=== DESCRIPTION OF THE TASK ===
Everything in the listing below should be written out again exactly, except the pictures.
DATASET EXTRACT: Begin
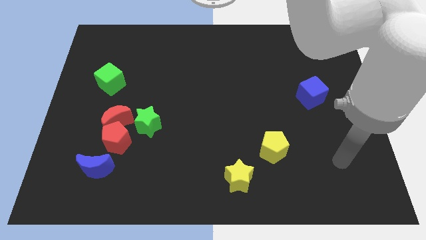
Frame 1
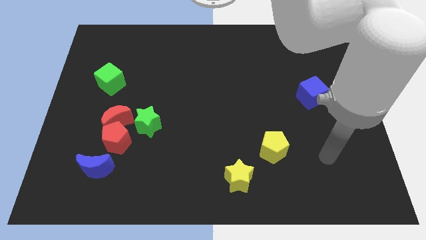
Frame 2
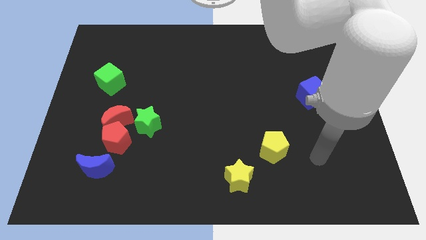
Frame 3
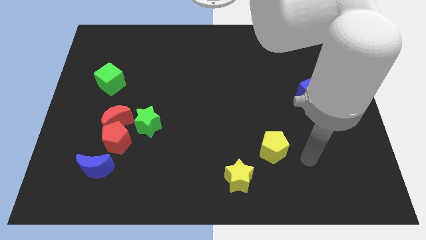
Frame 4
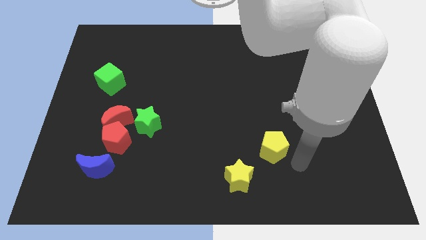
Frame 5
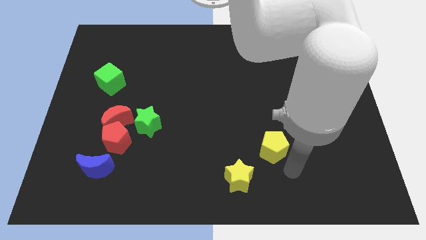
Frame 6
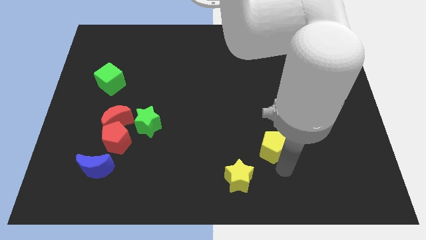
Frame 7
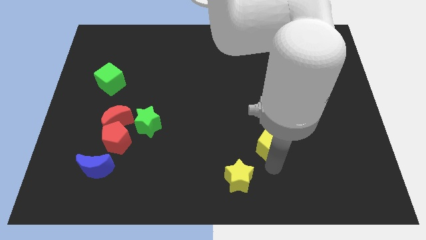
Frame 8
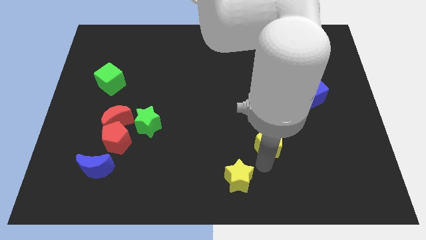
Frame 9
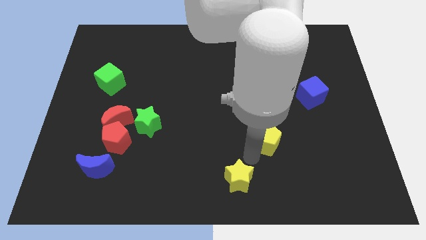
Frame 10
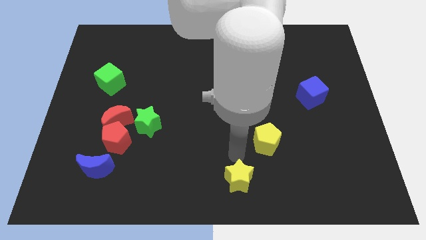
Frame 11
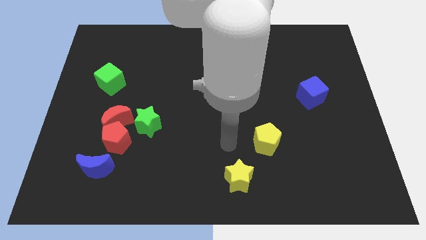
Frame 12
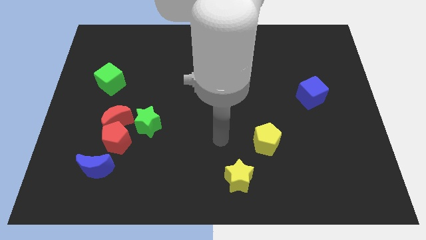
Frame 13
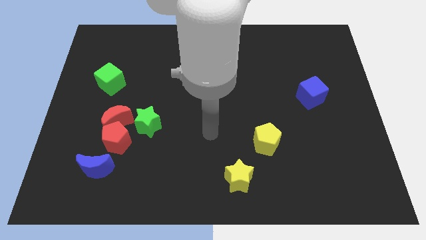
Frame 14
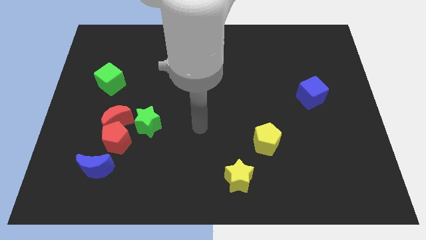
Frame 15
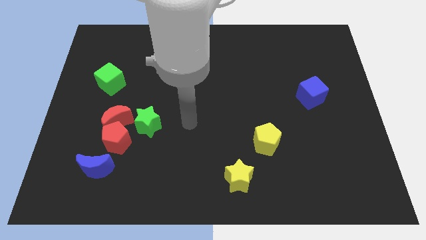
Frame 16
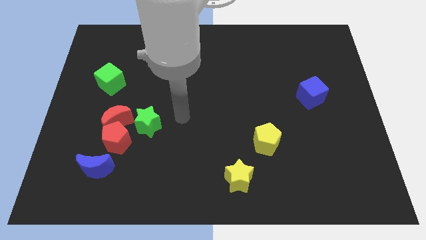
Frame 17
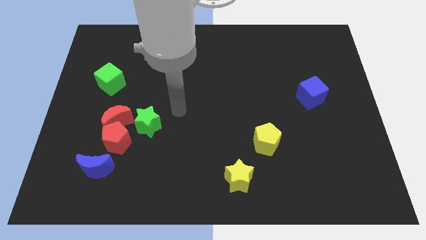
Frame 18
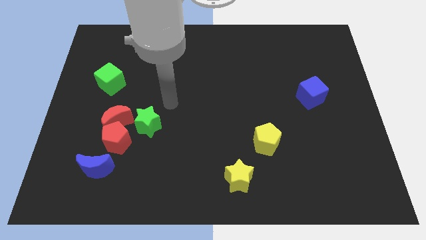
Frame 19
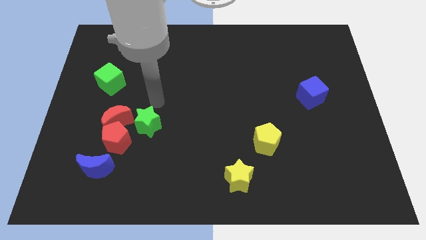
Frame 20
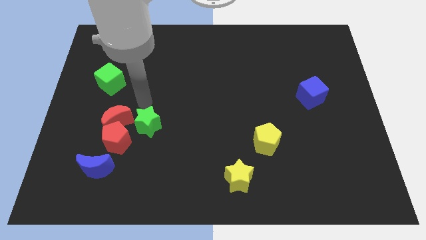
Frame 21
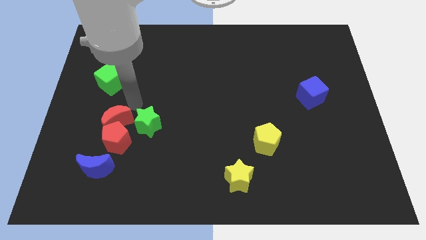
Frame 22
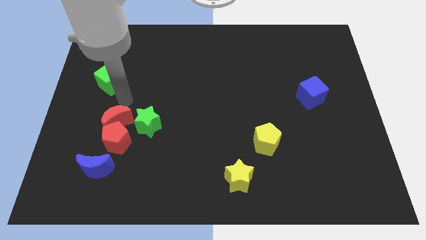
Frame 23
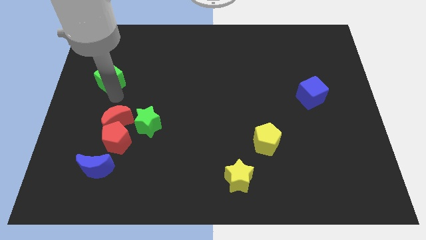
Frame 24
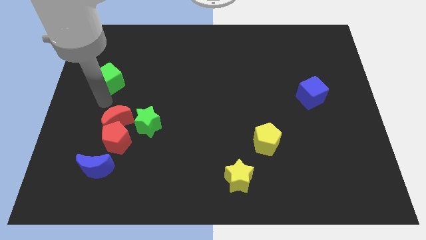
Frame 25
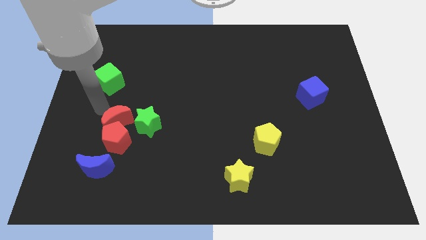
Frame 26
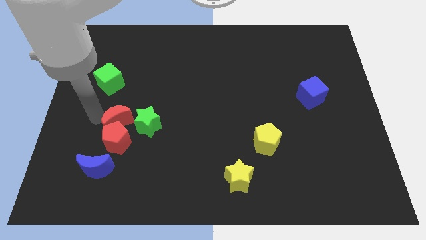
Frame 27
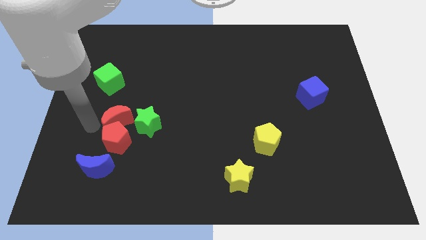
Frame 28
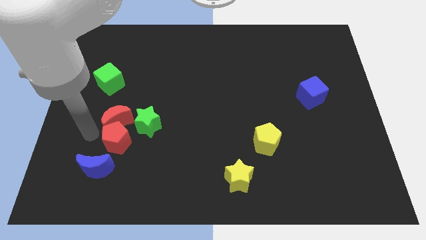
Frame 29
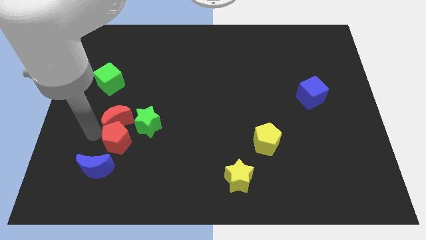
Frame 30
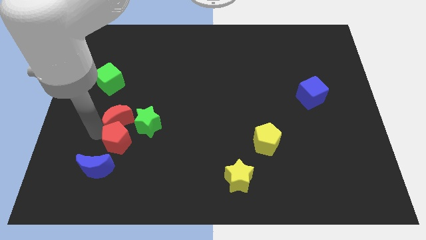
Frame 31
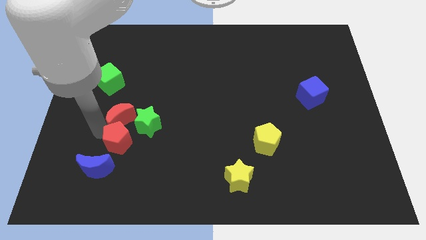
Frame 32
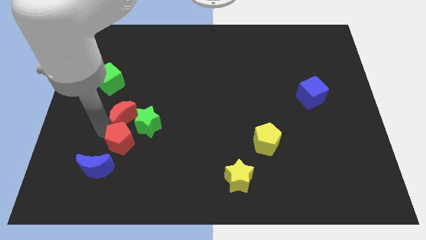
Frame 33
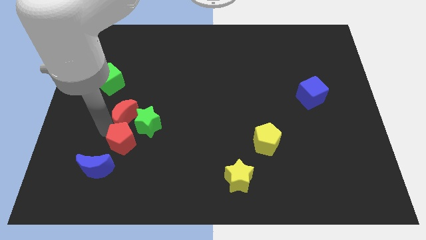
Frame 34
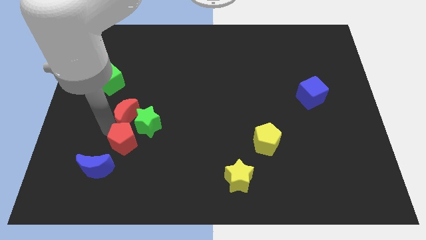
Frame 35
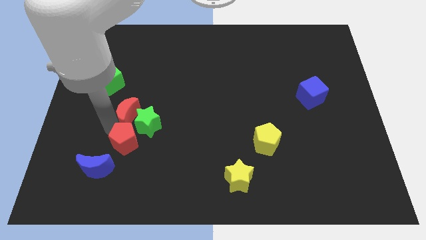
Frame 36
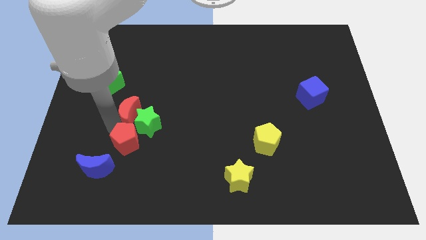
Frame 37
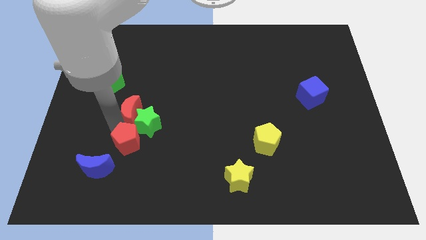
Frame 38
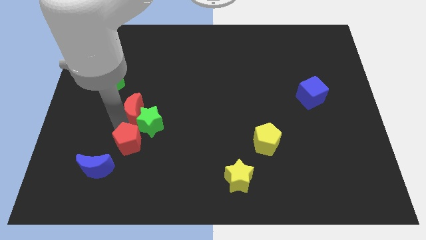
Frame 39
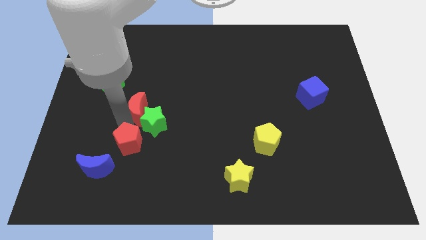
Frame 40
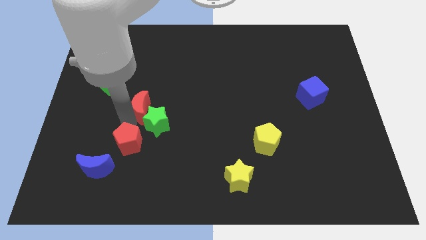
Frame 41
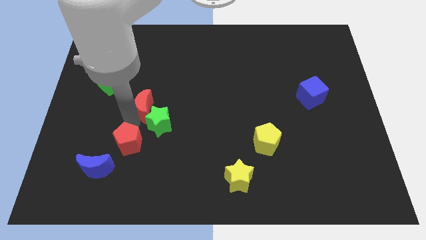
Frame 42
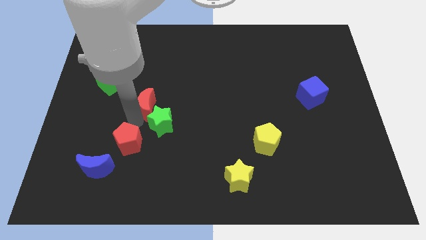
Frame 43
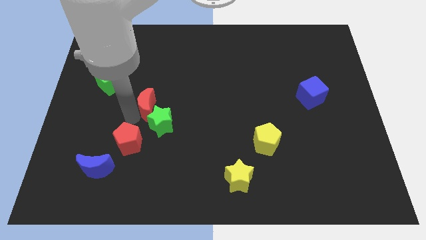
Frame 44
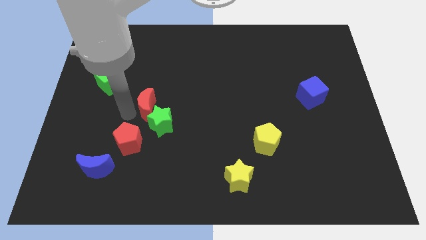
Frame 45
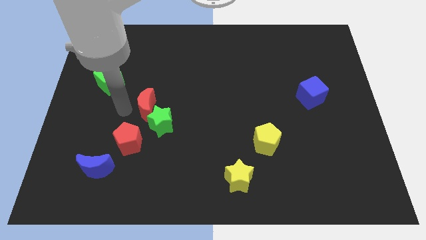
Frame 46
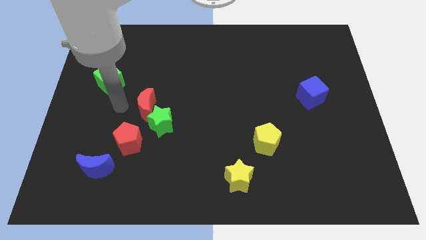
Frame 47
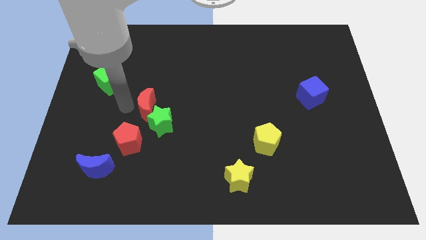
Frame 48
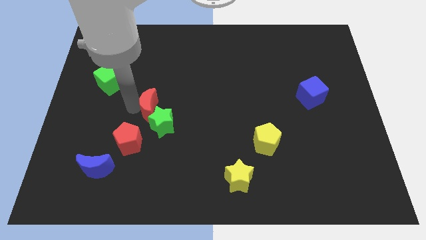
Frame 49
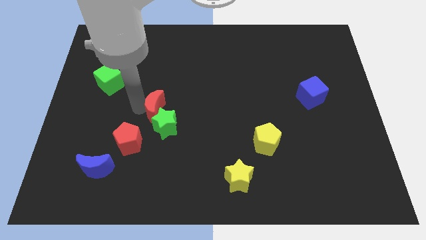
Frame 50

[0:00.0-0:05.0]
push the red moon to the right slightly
DATASET EXTRACT: End
=== RESPONSE BELOW ===
Frame 1
Frame 2
Frame 3
Frame 4
Frame 5
Frame 6
Frame 7
Frame 8
Frame 9
Frame 10
Frame 11
Frame 12
Frame 13
Frame 14
Frame 15
Frame 16
Frame 17
Frame 18
Frame 19
Frame 20
Frame 21
Frame 22
Frame 23
Frame 24
Frame 25
Frame 26
Frame 27
Frame 28
Frame 29
Frame 30
Frame 31
Frame 32
Frame 33
Frame 34
Frame 35
Frame 36
Frame 37
Frame 38
Frame 39
Frame 40
Frame 41
Frame 42
Frame 43
Frame 44
Frame 45
Frame 46
Frame 47
Frame 48
Frame 49
Frame 50

[0:00.0-0:05.0]
push the red moon to the right slightly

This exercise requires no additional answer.